We will use CUDA_VISIBLE_DEVICES to select each GPU and create two directories in /tmp for each MPS control daemon.  one for the pipe, the other for the log. By default, CUDA MPS will try to create a log directory in /var/log, requiring the control daemon to be executed with root privileges.
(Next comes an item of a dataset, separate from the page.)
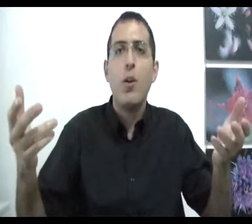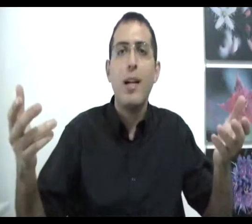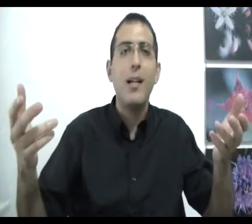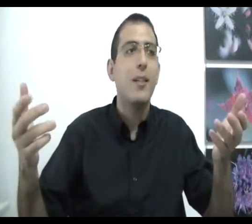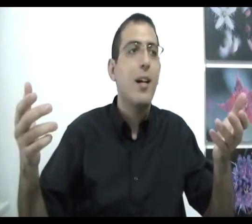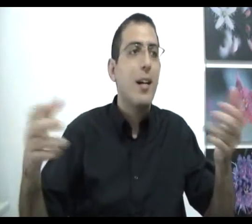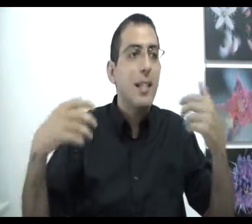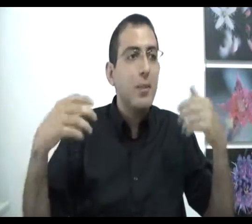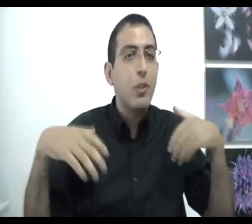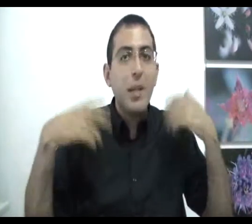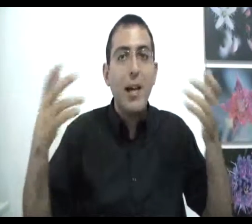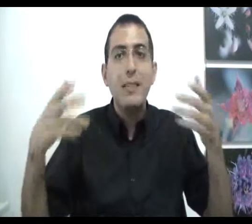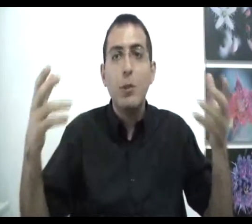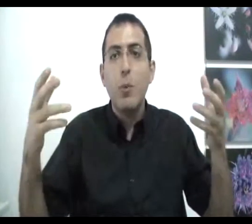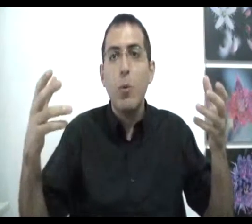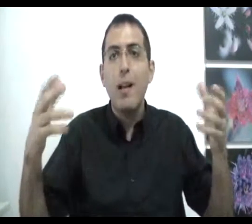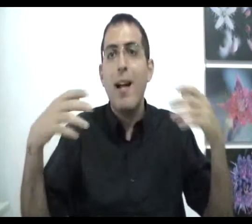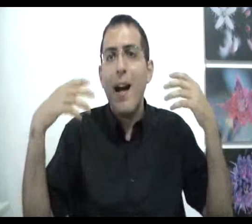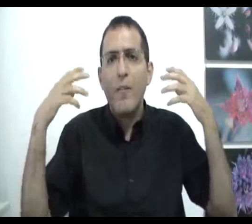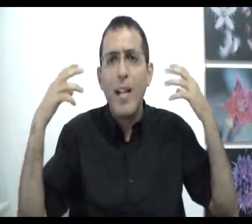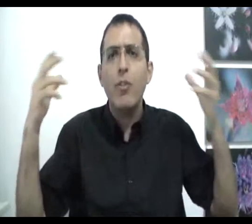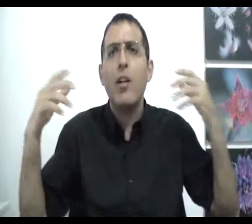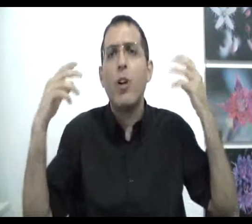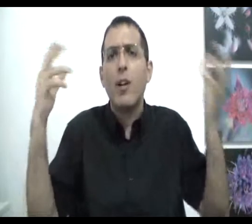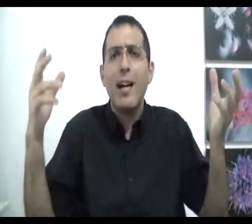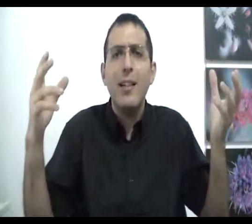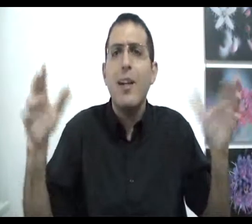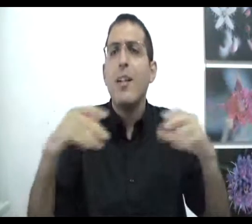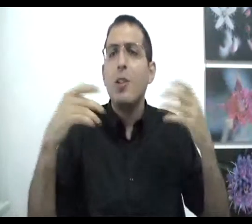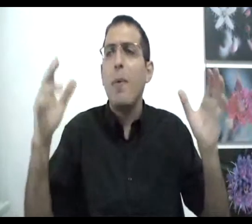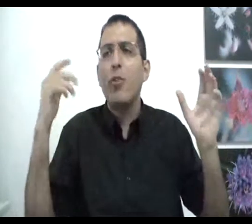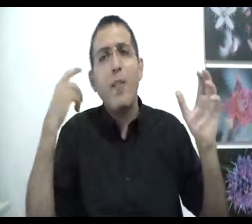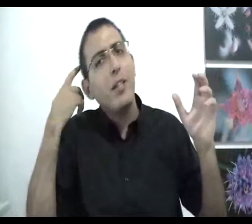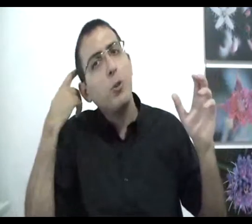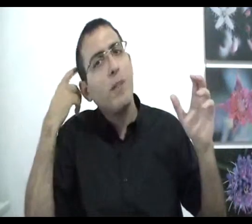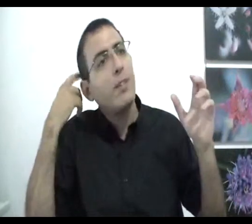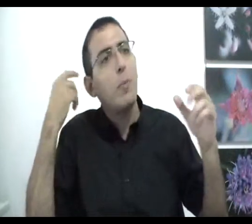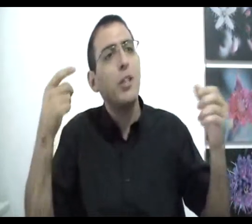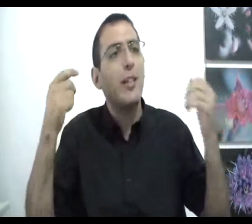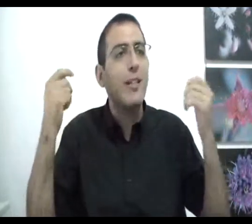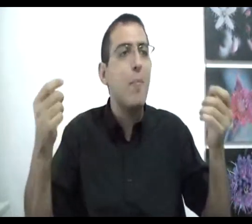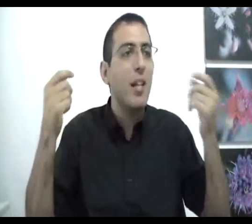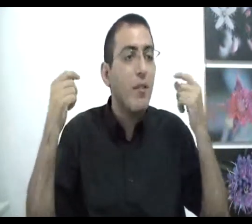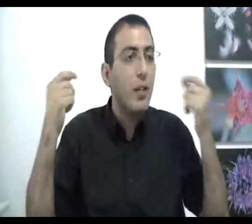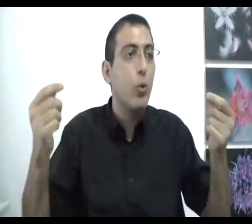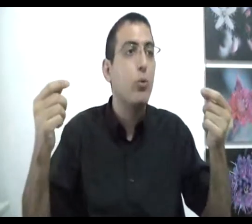הקול אחד עצם זה שאתה מייחס משמעות להבנה שלך שהקול אחד זה אומר שלא הבנת שום דבר, זה אומר שאתה עדיין בנפרדות

By selecting a log directory in /tmp ( or any other directory of your choice that is accessible from normal users), we don't need root privileges to start the control daemons.

#!\bin\bash


# Number of gpus with compute_capability 3.5  per server
NGPUS=2

# Start the MPS server for each GPU
for ((i=0; i< $NGPUS; i++))

do
 mkdir /tmp/mps_$i
 mkdir /tmp/mps_log_$i
 export CUDA_VISIBLE_DEVICES=$i
 export CUDA_MPS_PIPE_DIRECTORY=/tmp/mps_$i
 export CUDA_MPS_LOG_DIRECTORY=/tmp/mps_log_$i
 nvidia-cuda-mps-control -d
end do

Once we have set up the control daemons  we need to point the CUDA executable we want to run to the right MPS control daemon.  This is done in a non-standard way.
Instead of using the CUDA_VISIBLE_DEVICES variable, as normally done with CUDA, we will need to set CUDA_VISIBLE_DEVICES to 0 and select the explicit MPS pipe we want to use by specifying the proper CUDA_MPS_PIPE_DIRECTORY.


To start two instances of a.out on GPU 0 using proxy, we will type:

export CUDA_MPS_PIPE_DIRECTORY=/tmp/mps_0
./a.out
export CUDA_MPS_PIPE_DIRECTORY=/tmp/mps_0
./a.out

The execution script is a little more complex if we are running a MPI application.
In this case, we will need to find a way to detect how many MPI processes are running on a node.
OpenMPI has a variable that will tell us this info, other MPI implementations offer similar environment
variables.

This script shows how to run local process 0 and 2 on GPU 0 and 1 and 3 on GPU 1.

#!/bin/bash
#run script for MPI
export CUDA_VISIBLE_DEVICES=0
lrank=$OMPI_COMM_WORLD_LOCAL_RANK
case ${lrank} in
[0])
    export CUDA_MPS_PIPE_DIRECTORY=/tmp/mps_0
    ./executable
    ;;
[1])
    export CUDA_MPS_PIPE_DIRECTORY=/tmp/mps_1
    ./executable
    ;;

[2])
    export CUDA_MPS_PIPE_DIRECTORY=/tmp/mps_0
    ./executable
    ;;
[3])
    export CUDA_MPS_PIPE_DIRECTORY=/tmp/mps_1
    ./executable
    ;;
esac

Once the execution is completed, we need to clean up the MPS control daemons  if other users are supposed to run on the system.

#!/bin/bash

# Stop the MPS control daemon for each GPU and clean up /tmp

for ((i=0; i< $NGPUS; i++))
do
echo $i
 export CUDA_MPS_PIPE_DIRECTORY=/tmp/mps_$i
 echo "quit" | nvidia-cuda-mps-control
 rm -fr /tmp/mps_$i
 rm -fr /tmp/mps_log_$i
done

The creation and clean-up could be combined in a single script.